Quote from: Toady One on September 11, 2008, 07:10:36 pm
As far as GLUT vs SDL vs SFML, yeah, I dunno.
SDL:

LGPL, which requires

1) Link with the library as a shared object (e.g. SDL.dll or libSDL.so)
OR
2) Provide the object or source code

Option 1 seems rather reasonable.
But SDL is painfully slow...

As discussed a page or two ago, the license actually says that you also have give "prominent" notification and mention the SDL copyright plus a reference to the license file in your program if you display any copyrights at all (which Toady does). The FAQ on the SDL website does not mention this.

Btw, I asked at the SDL mailing list about how the licensing works, and that's the only reply so far:

Quote

If you distribute a binary unmodified sdl.dll/so - you need to include an
sdl-license.txt that is the LGPL file as well as information within said txt
file about where to fetch the original sauce (libsdl.org etc).

Prominent notice can undoubtedly be something as simple as the RAD game
tools thing that's displayed during the Blizzard splash screens, or in help,
etc. Alot of things make use of LGPL libraries but don't blatantly
advertise them because they're very common libraries.

I would suggest a 'uses sdl, see readme or sdl.txt or something for more
info' line somewhere.

Many games have more than one splash screen, such a line would be easy to
stuff in one of them.

-Will

Don't know if that comes from an authoritative source, though.

Baughn · « **Reply #115 on:** September 12, 2008, 04:52:56 pm »

Quote from: Jorgon on September 12, 2008, 09:39:56 am

According to my research, VBOs were finalized and approved in 2003 (http://oss.sgi.com/projects/ogl-sample/registry/ARB/vertex_buffer_object.txt), and the next chip redesign for nvidia was the Geforce 6 (http://en.wikipedia.org/wiki/Geforce).

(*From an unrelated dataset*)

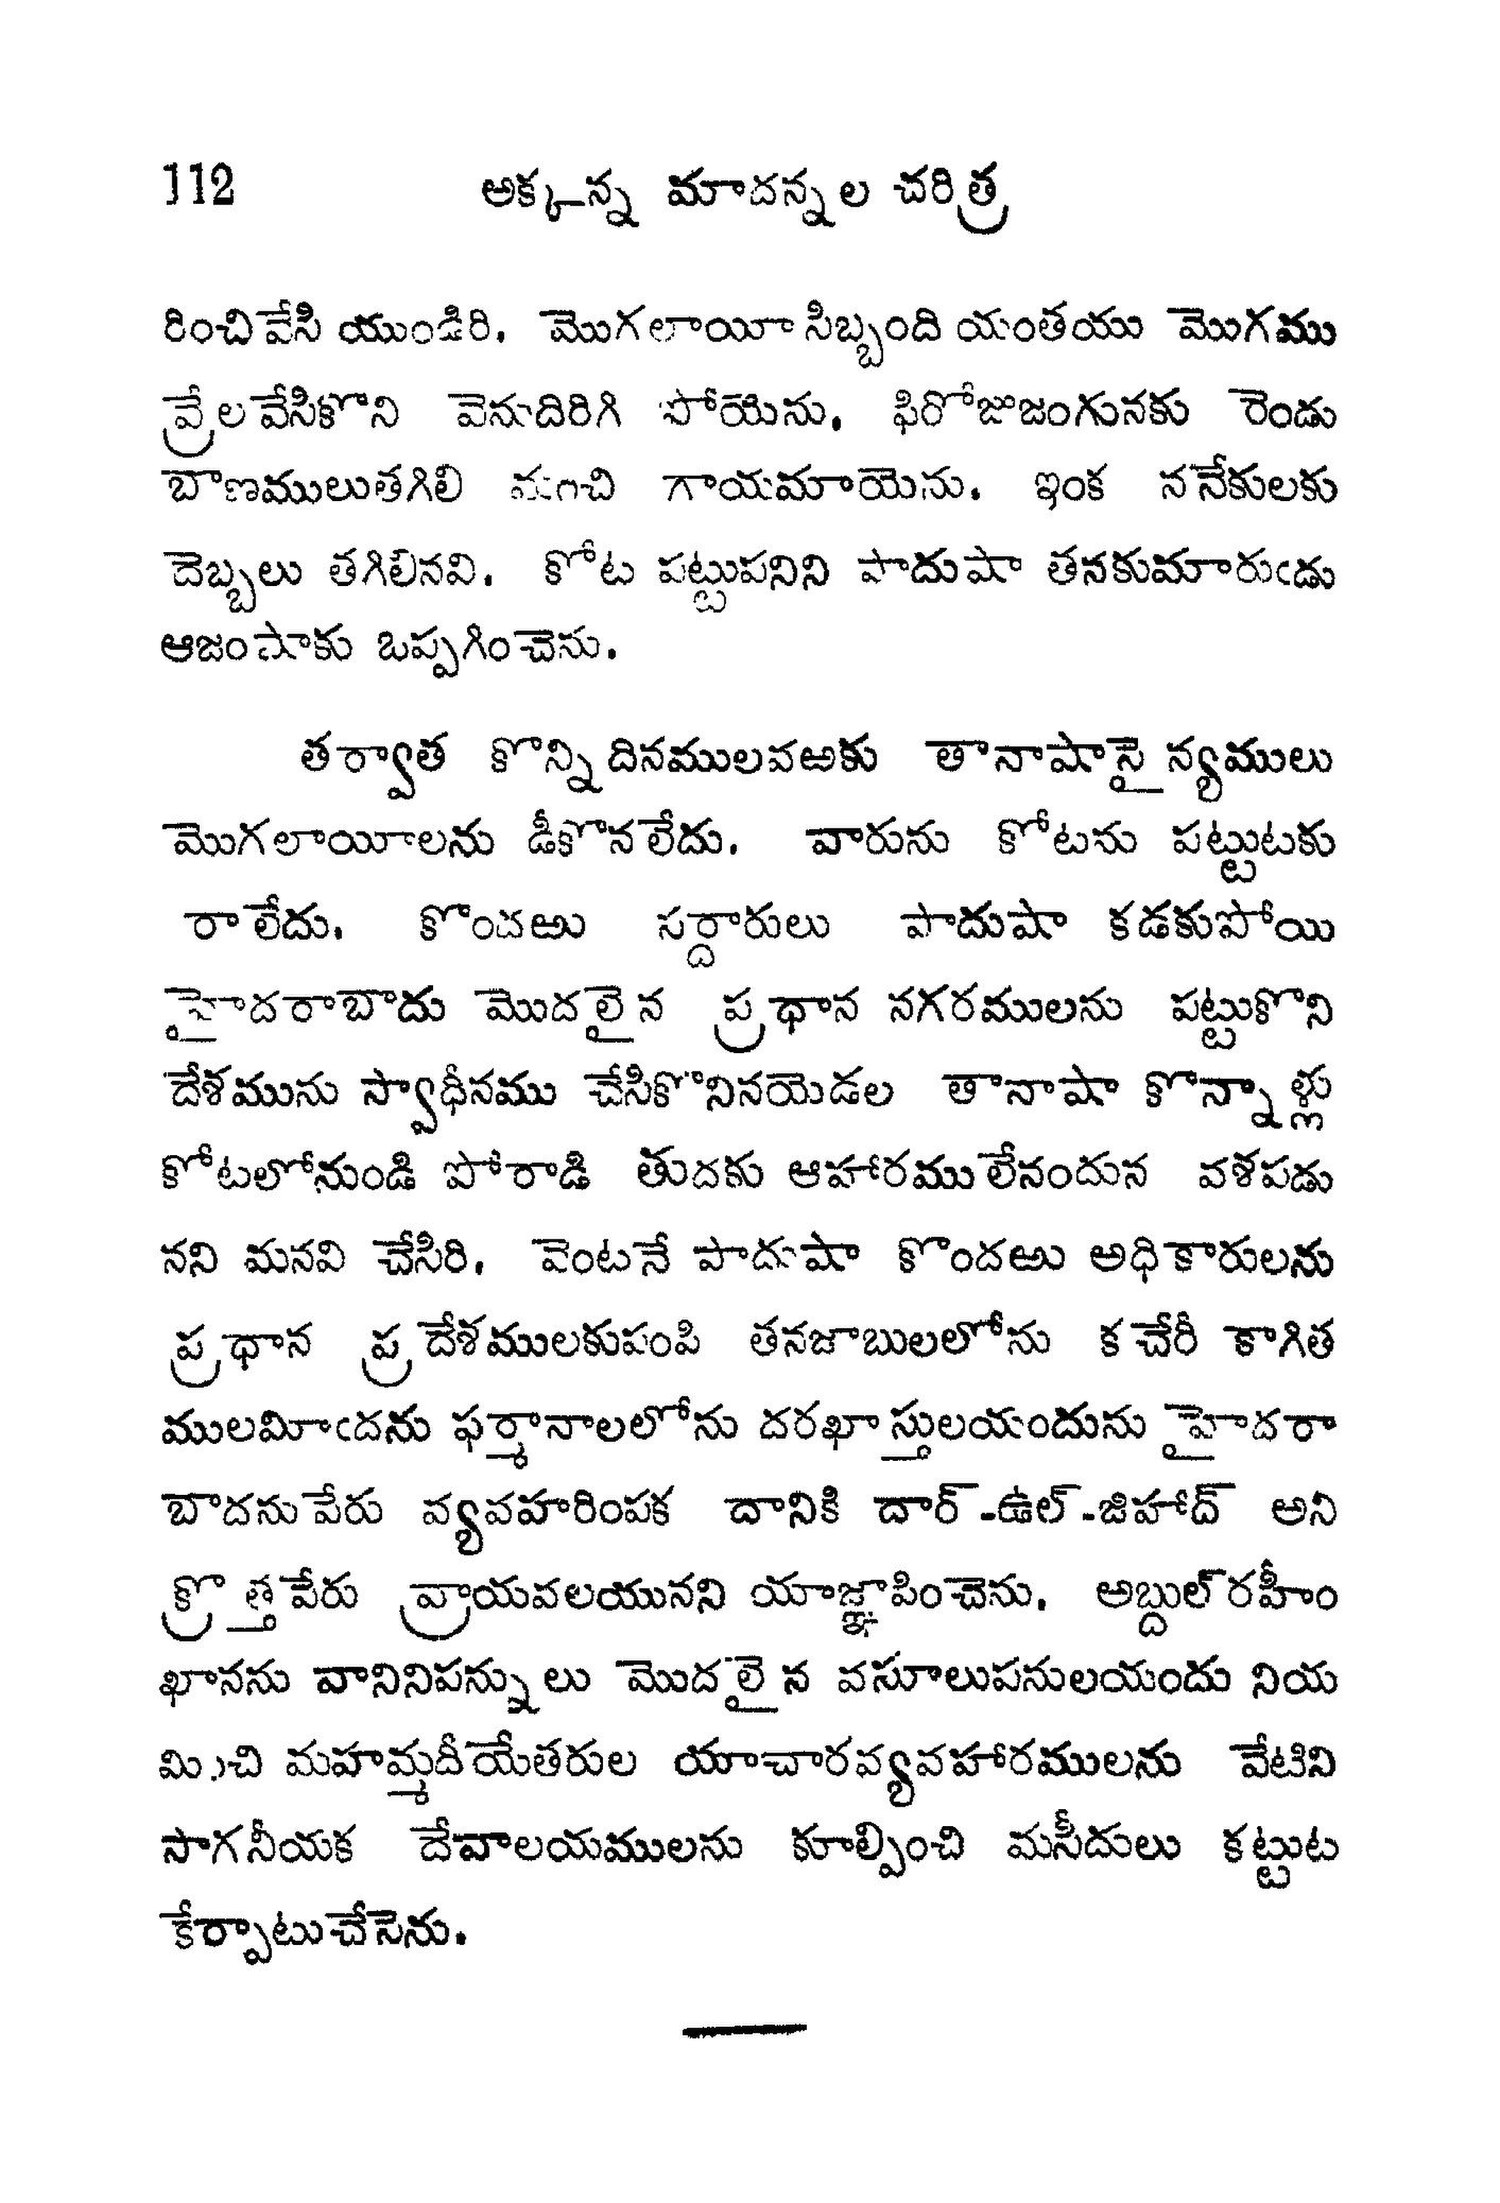రించివేసి యుండిరి. మొగలాయీ సిబ్బంది యంతయు మొగము వ్రేలవేసికొని వెనుదిరిగి పోయెను. ఫిరోజుజంగునకు రెండు బాణములుతగిలి మంచి గాయమాయెను. ఇంక ననేకులకు దెబ్బలు తగిలినవి. కోట పట్టుపనిని పాదుషా తనకుమారుఁడు ఆజంషాకు ఒప్పగించెను.

తర్వాత కొన్ని దినములవఱకు తానాషాసైన్యములు మొగలాయీలను డీకొనలేదు. వారును కోటను పట్టుటకు రాలేదు. కొందఱు సర్దారులు పాదుషా కడకుపోయి హైదరాబాదు మొదలైన ప్రధాన నగరములను పట్టుకొని దేశమును స్వాధీనము చేసికొనినయెడల తానాషా కొన్నాళ్లు కోటలోనుండి పోరాడి తుదకు ఆహారములేనందున వశపడునని మనవి చేసిరి. వెంటనే పాదుషా కొందఱు అధికారులను ప్రధాన ప్రదేశములకుపంపి తనజాబులలోను కచేరీ కాగితములమీఁదను ఫర్మానాలలోను దరఖాస్తులయందును హైదరాబాదనుపేరు వ్యవహరింపక దానికి దార్-ఉల్-జిహాద్ అని క్రొత్తపేరు వ్రాయవలయునని యాజ్ఞాపించెను. అబ్దుల్‌రహీం ఖానను వానినిపన్నులు మొదలైన వసూలుపనులయందు నియమించి మహమ్మదీయేతరుల యాచారవ్యవహారములను వేటిని సాగనీయక దేవాలయములను కూల్పించి మసీదులు కట్టుట కేర్పాటుచేసెను.

In general, such performance enhancements are first supported via ARB extensions, quite a while before they're added to the base opengl. The geforce 6 supports *everything* in the opengl standard it claims to support - it kinda has to - but they can pick and choose which ARBs to support.

Using the ARB api, VBOs were introduced quite a while before that.

Quote

ARB fragment shaders were approved of about the same time in 2003 (http://oss.sgi.com/projects/ogl-sample/registry/ARB/fragment_shader.txt), so again, Geforce 6.

The earlier cards did have pixel shaders, however, and the code was backported to run on at least some of these. I have no idea which ones; I don't generally save such ancient hardware. Probably should..

Quote

Both options were available starting with OpenGL 2.0.

See my above statement on ARBs.

Quote

To be fair, framebuffer_object was approved in 2005, which is after VBOs and GLSL. These cards are old enough that normal PARTIAL_PRINT should not have an issue though.

Geforce 3 only has GL 1.2 compatibility http://en.wikipedia.org/wiki/Comparison_of_Nvidia_graphics_processing_units, so while it supported pixel shaders in DirectX, I cannot find any indication it was supported in OpenGL.

Etc. Again, this is more theory than fact; the macintosh geforce 3 profile simulator certainly runs my code, but that's the lowest profile it's *got*, which means I don't know if it'd *ever* fail.

Quote

Geforce 5 was the first listed with 2.0 support, but it is marked with "**" on the table, but the only note I could see was that its support was incomplete with no details. Geforce 6 was first card with full OpenGL 2.0 support.

I welcome corrections on any of this.

Immediate Mode is deprecated in OpenGL 3.0, but OpenGL 2.0 and 3.0 are not mutually exclusive on a video card. Immediate Mode will always be supported (at least for the next decade or so) for 1.1 - 2.0 profiles. DirectX is (theoretically) backward compatible all the way back to v1. It may be slow as a dead snail when you push more than a few thousand polys through it, but with PARTIAL_PRINT, most of the time you are not drawing more than 20 a frame.

True, deprecated doesn't mean removed.
In practice, it means it'll work well only on workstation-class boards - Quadros and such, which are expected to run very old software, and whose cost is chiefly in driver development to support that. Gamer boards.. aren't.

Quote

From my understanding, Immediate mode commands are queued, organized, and optimized by the driver, and it actually sends it to the video card asynchronously when it is deemed best, which will be forced by glFlush, glFinish, or SwapBuffers.

Yep, that's how it's supposed to work. Simple-simple.

Quote

All of this goes to show just why game developers prefer directx.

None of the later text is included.